=== Begin Enclosure ===

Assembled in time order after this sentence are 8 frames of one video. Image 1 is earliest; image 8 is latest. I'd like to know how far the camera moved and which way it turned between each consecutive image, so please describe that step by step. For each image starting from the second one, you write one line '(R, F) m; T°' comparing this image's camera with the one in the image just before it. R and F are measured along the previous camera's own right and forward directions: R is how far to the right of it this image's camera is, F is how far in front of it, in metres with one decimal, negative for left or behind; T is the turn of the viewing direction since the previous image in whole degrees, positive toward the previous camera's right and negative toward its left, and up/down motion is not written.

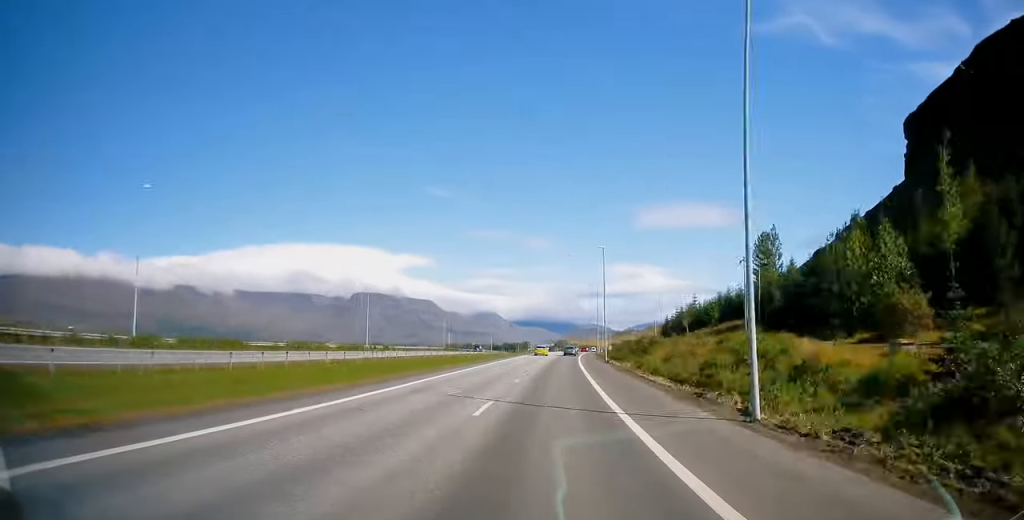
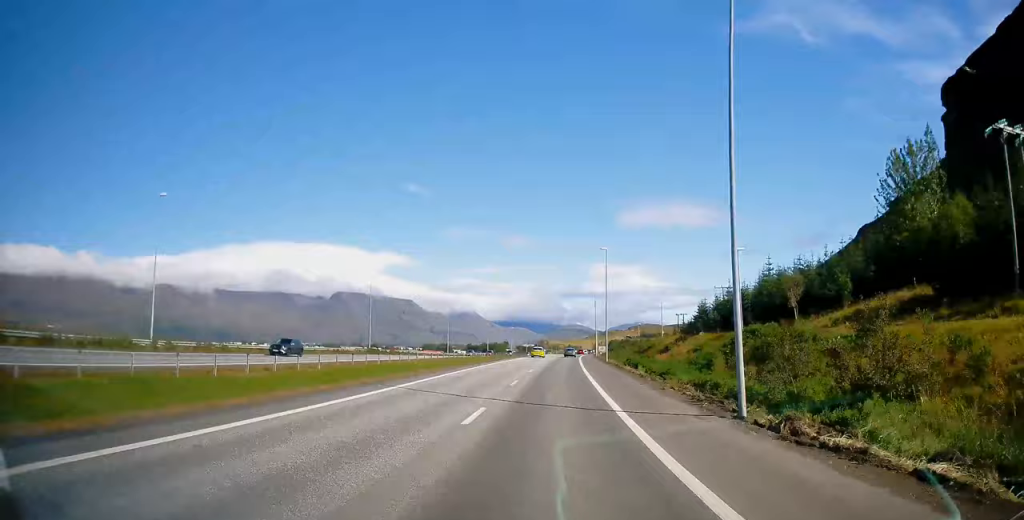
(+0.9, +68.4) m; +2°
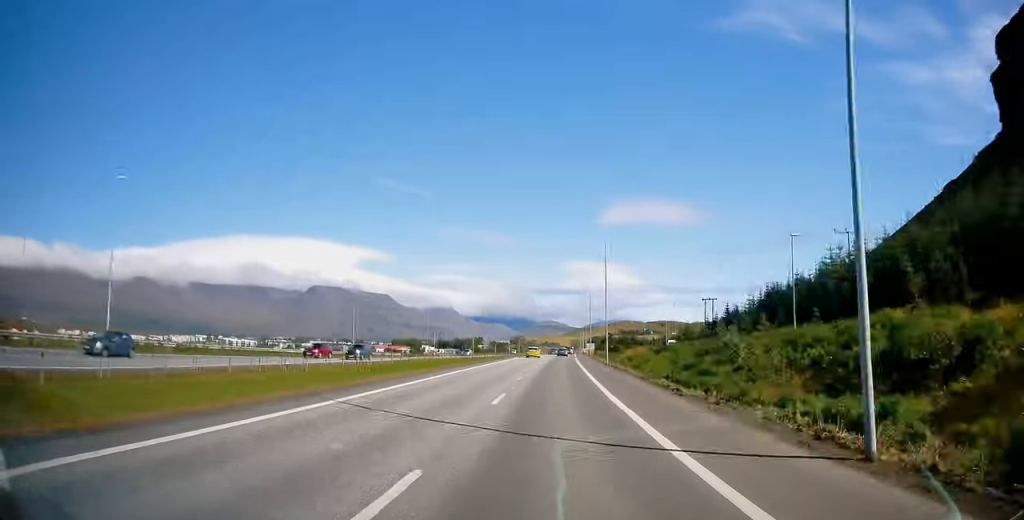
(+1.2, +67.2) m; +2°
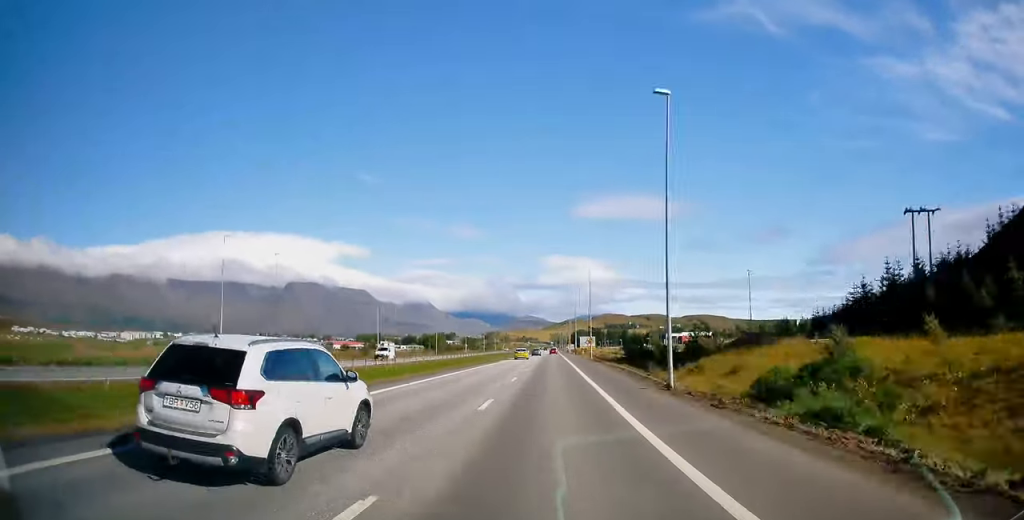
(+2.6, +88.5) m; +2°
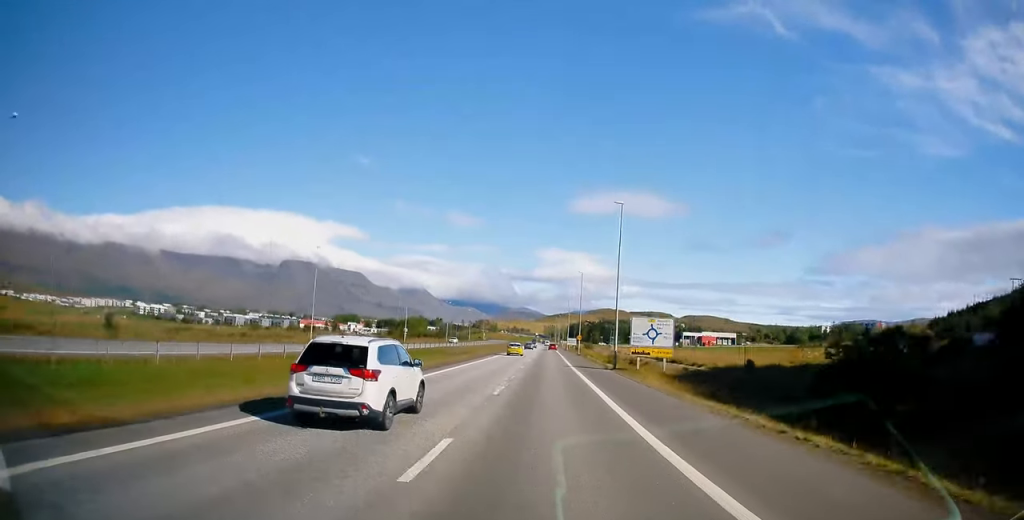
(+0.3, +78.4) m; +1°
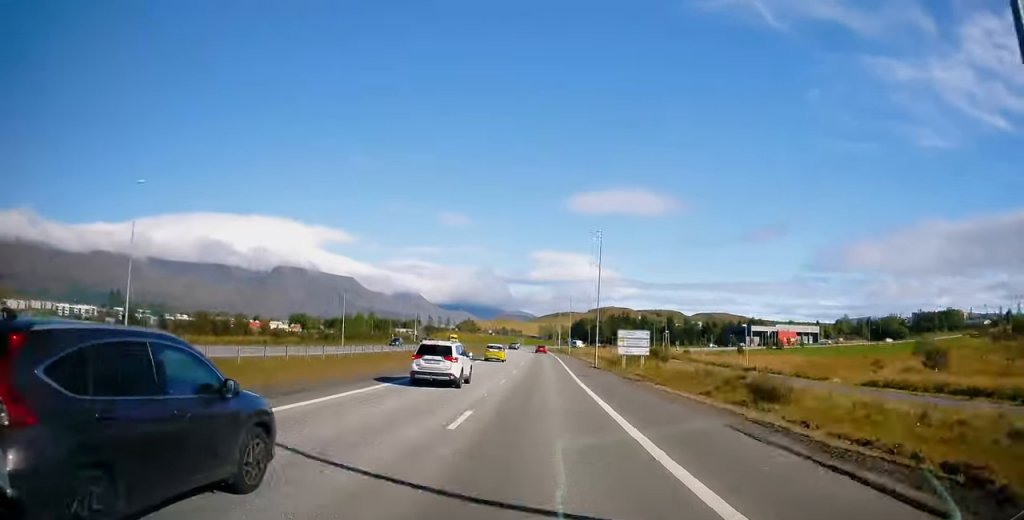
(+1.1, +135.2) m; -2°
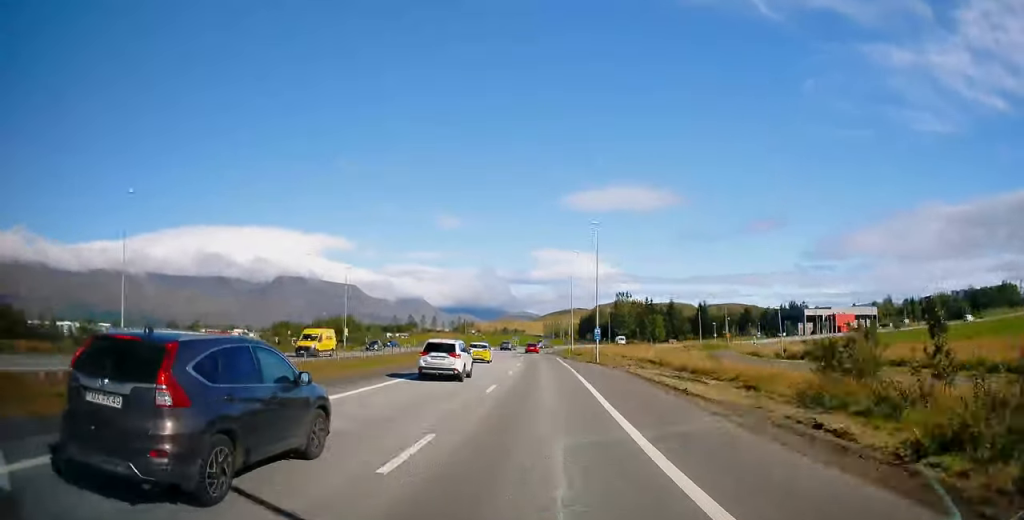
(-1.9, +33.6) m; -1°
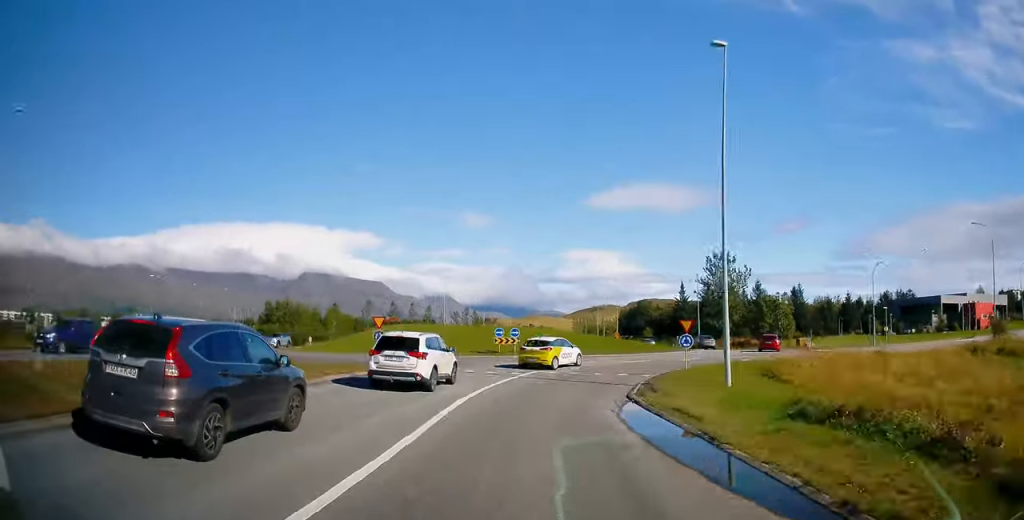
(+0.6, +50.3) m; +9°
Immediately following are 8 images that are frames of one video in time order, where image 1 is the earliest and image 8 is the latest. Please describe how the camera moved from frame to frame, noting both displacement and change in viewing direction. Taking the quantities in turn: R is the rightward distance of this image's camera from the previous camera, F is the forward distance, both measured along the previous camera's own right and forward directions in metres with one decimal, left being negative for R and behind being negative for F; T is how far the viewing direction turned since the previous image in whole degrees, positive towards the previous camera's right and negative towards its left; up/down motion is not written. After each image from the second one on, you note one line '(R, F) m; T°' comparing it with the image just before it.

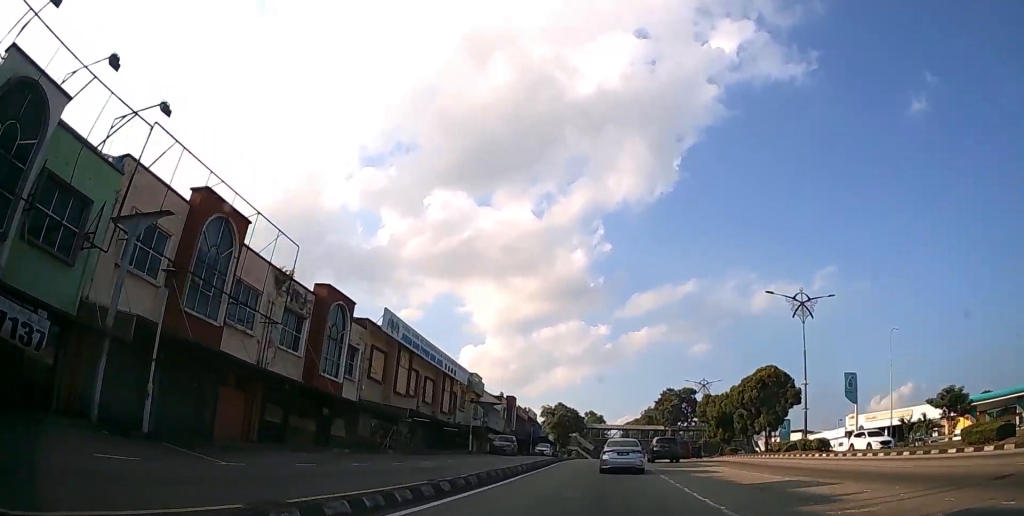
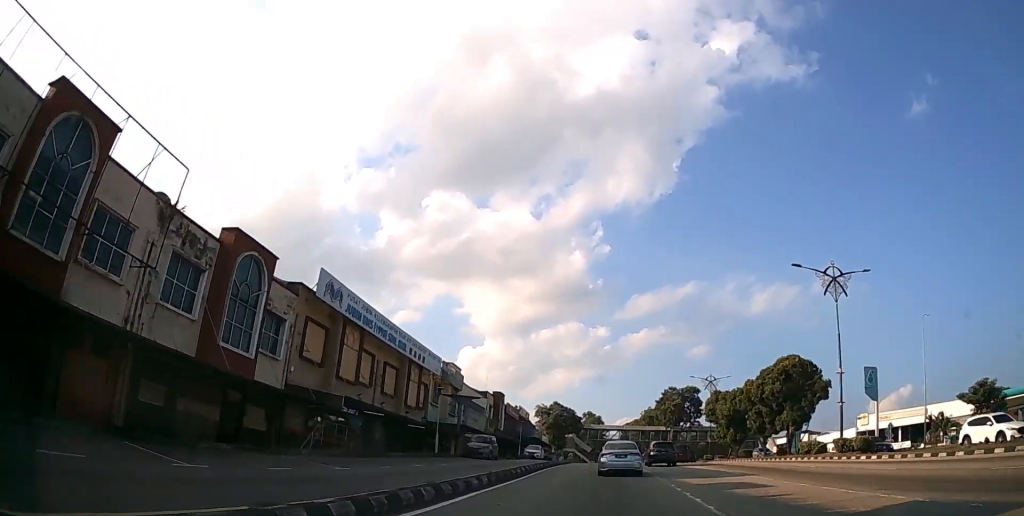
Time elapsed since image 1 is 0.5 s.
(0.0, +7.2) m; 0°
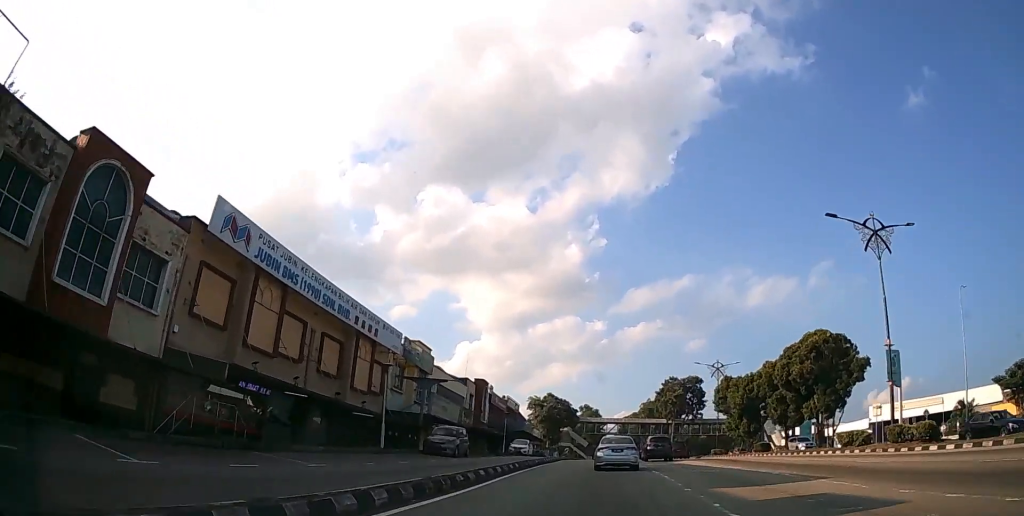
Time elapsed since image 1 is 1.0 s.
(0.0, +7.4) m; 0°
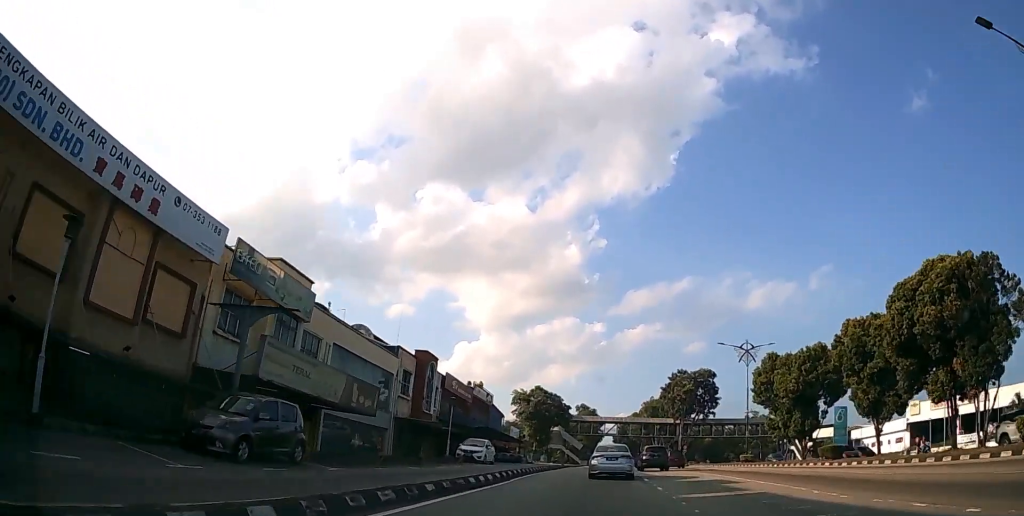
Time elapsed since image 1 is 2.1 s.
(0.0, +17.1) m; 0°
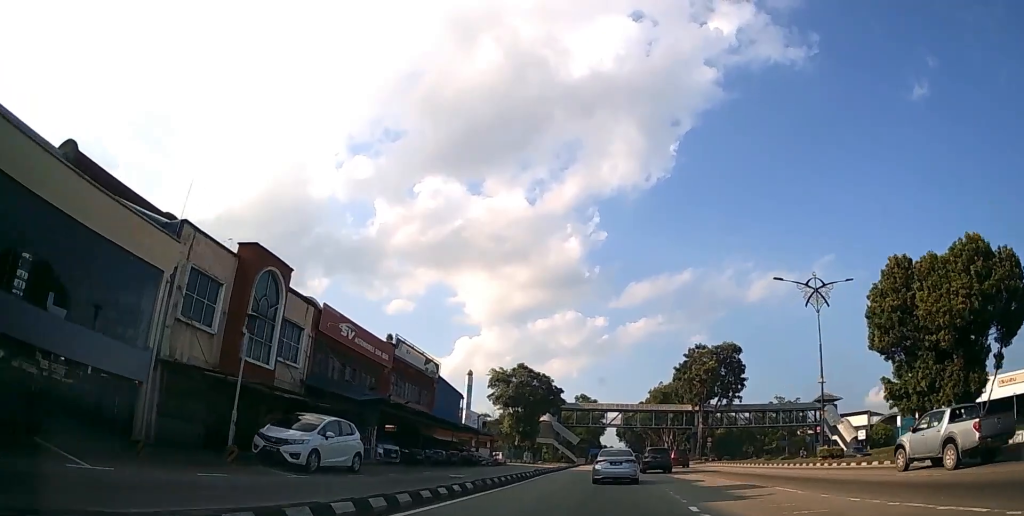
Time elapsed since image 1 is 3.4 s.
(0.0, +19.9) m; 0°
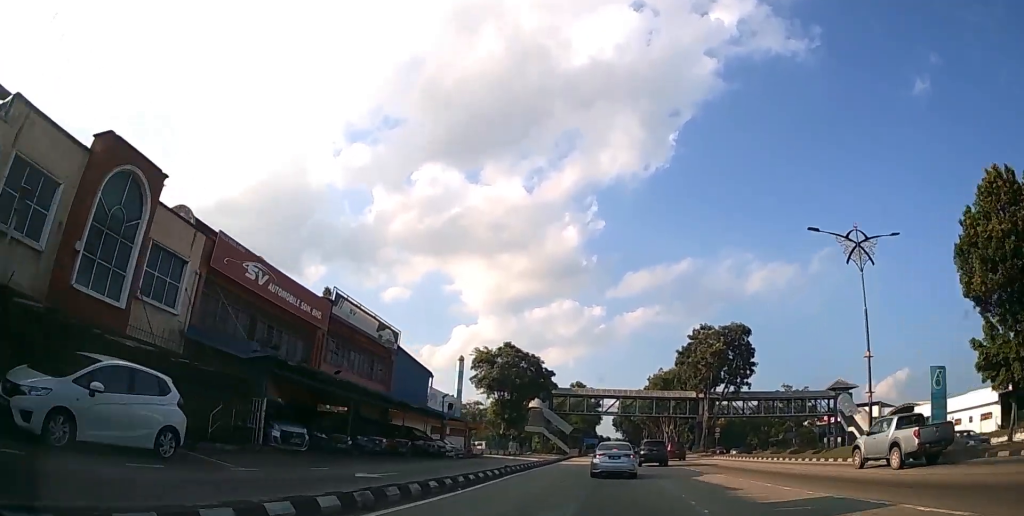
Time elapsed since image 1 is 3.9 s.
(0.0, +8.3) m; 0°
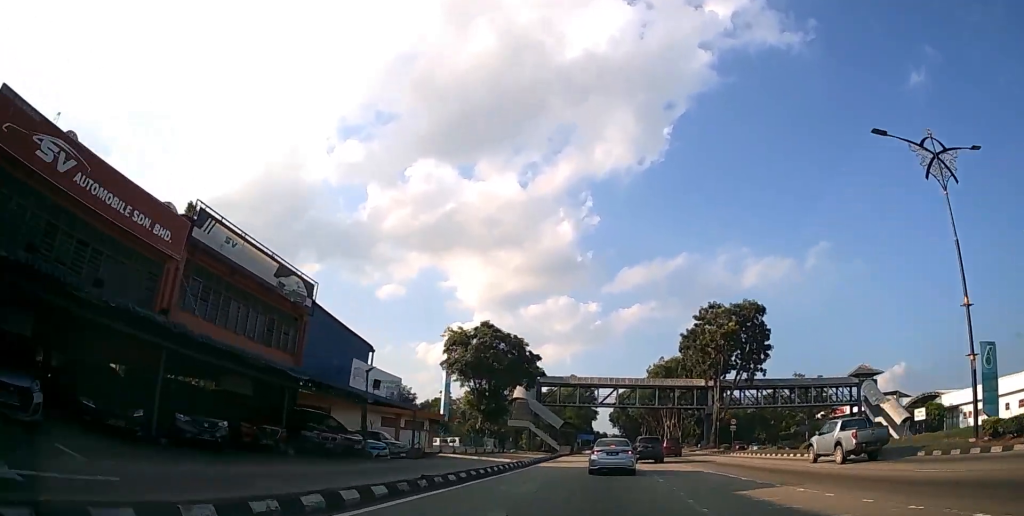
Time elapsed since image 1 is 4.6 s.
(0.0, +10.2) m; 0°
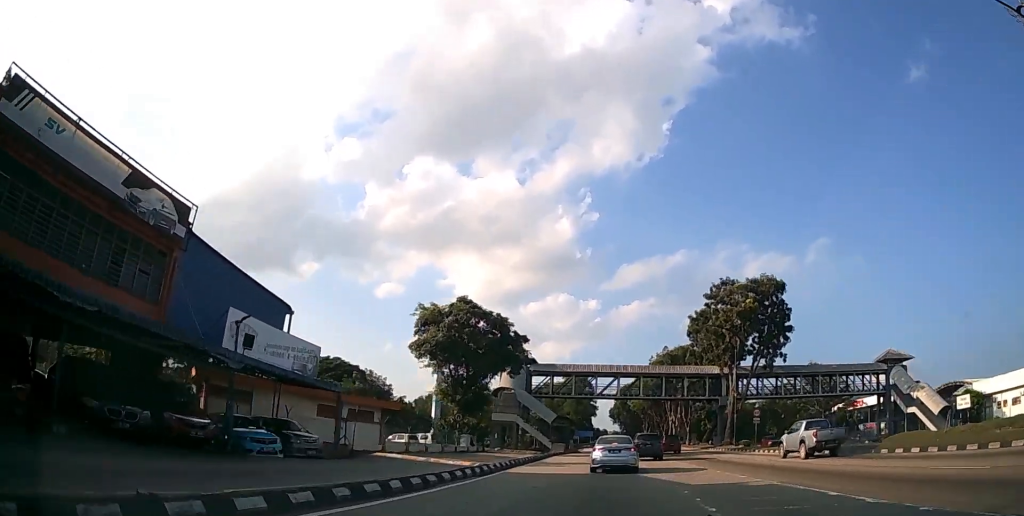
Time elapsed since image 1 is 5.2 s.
(0.0, +8.3) m; 0°

=== End Enclosure ===

• Work item: The answer must be an exact copy of the lines from the one containing "Time elapsed since image 1 is 1.0 s." through the last line of the records, with no pictures included.

• Solution to this task:
Time elapsed since image 1 is 1.0 s.
(0.0, +7.4) m; 0°
Time elapsed since image 1 is 2.1 s.
(0.0, +17.1) m; 0°
Time elapsed since image 1 is 3.4 s.
(0.0, +19.9) m; 0°
Time elapsed since image 1 is 3.9 s.
(0.0, +8.3) m; 0°
Time elapsed since image 1 is 4.6 s.
(0.0, +10.2) m; 0°
Time elapsed since image 1 is 5.2 s.
(0.0, +8.3) m; 0°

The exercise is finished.